I'm new to Hadoop and trying to move many tables from an existing sql database to a Hadoop cluster (and into hive). I'm using sqoop because it should automatically set up all the tables for me, so I don't have to know about the hundreds of columns involved and all their details. For whatever reason, sqoop is automatically changing the datetime columns into varchar columns.
Searching online, it looks like people have encountered this kind of error before, at least with oracle databases, but the only fixes I've found seem specific to problems with the oracle jdbc, or rely on listing out every relevant column's details, which defeats my purpose for using sqoop- and it seems like this is something I should be able to fix in the initial sqoop import in some kind of setting.
Thanks in advance for any help!
Can you try --map-column-hive option. This will Overridethe default mapping from SQL type to Hive type for configured columns
Refer to the documentation here https://docs.hortonworks.com/HDPDocuments/HDP2/HDP-2.3.0/bk_dataintegration/content/using_sqoop_to_m...

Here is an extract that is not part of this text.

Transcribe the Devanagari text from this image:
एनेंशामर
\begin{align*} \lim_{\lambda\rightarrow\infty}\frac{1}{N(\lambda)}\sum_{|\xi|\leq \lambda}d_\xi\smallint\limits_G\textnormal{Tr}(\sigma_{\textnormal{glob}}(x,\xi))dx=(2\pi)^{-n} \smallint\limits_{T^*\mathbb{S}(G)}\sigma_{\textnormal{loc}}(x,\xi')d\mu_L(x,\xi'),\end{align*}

Hi! Sorry for the slow response- The --map-column-hive option still would need me to list at least the name of every column that I want to keep as a datetime- I'm really looking for some way of just keeping ALL of the datetime columns as datetime columns. I guess in the case I do need to use -map-column-hive, do you know, can I still use that with import-all, with columns specified as tablename.columname?
**FIXED** Edit/update: Now trying just one table, I seem to be able to get the first column I list stored in the right type, and the rest still store as strings after sqoop tells me it can't find one of the other columns (and thus doesn't actually move any data; the table is just created)
sqoop import --connect 'jdbc:sqlserver://connectionstring' --table sourcetable --hcatalog-table destinationtable --create-hcatalog-table --hcatalog-storage-stanza 'stored as orc' --map-column-hive 'datedata=date, effectivestartdate=date, effectiveenddate=date, startdate=date, enddate=date' -- --schema main
Error: Column effectivestartdate not found while mapping database columns to hcatalog columns
Fix: remove spaces between items in --map-column-hive parameter, e.g. datedata=date,startdate=date
For now I'll use a script to generate the --map-column-hive parameter for each table and run the import command on each individually, but the question still stands, if you know of a way to set the default type mapping
I also have trouble sqoop importing from a Sybase ASE 15.7 with hcatalog table creation. Sqoop/hcat is mapping date and datetime to string.
It seems to identify the column types with hcat.SqoopHCatUtilities
18/07/26 13:09:26 INFO hcat.SqoopHCatUtilities: Database column name - info map : ... date : [Type : 91,Precision : 10,Scale : 0] datetime : [Type : 93,Precision : 23,Scale : 3] ...
But maps to string when creating the table
create table `henrik_o`.`datatypes` ( ... `date` string, `datetime` string ...
I too would like to avoid manually having to override the mapping with --map-column-hive. Can anyone make this work automatically, so hive tables get created with date and datetime types when seen in source db?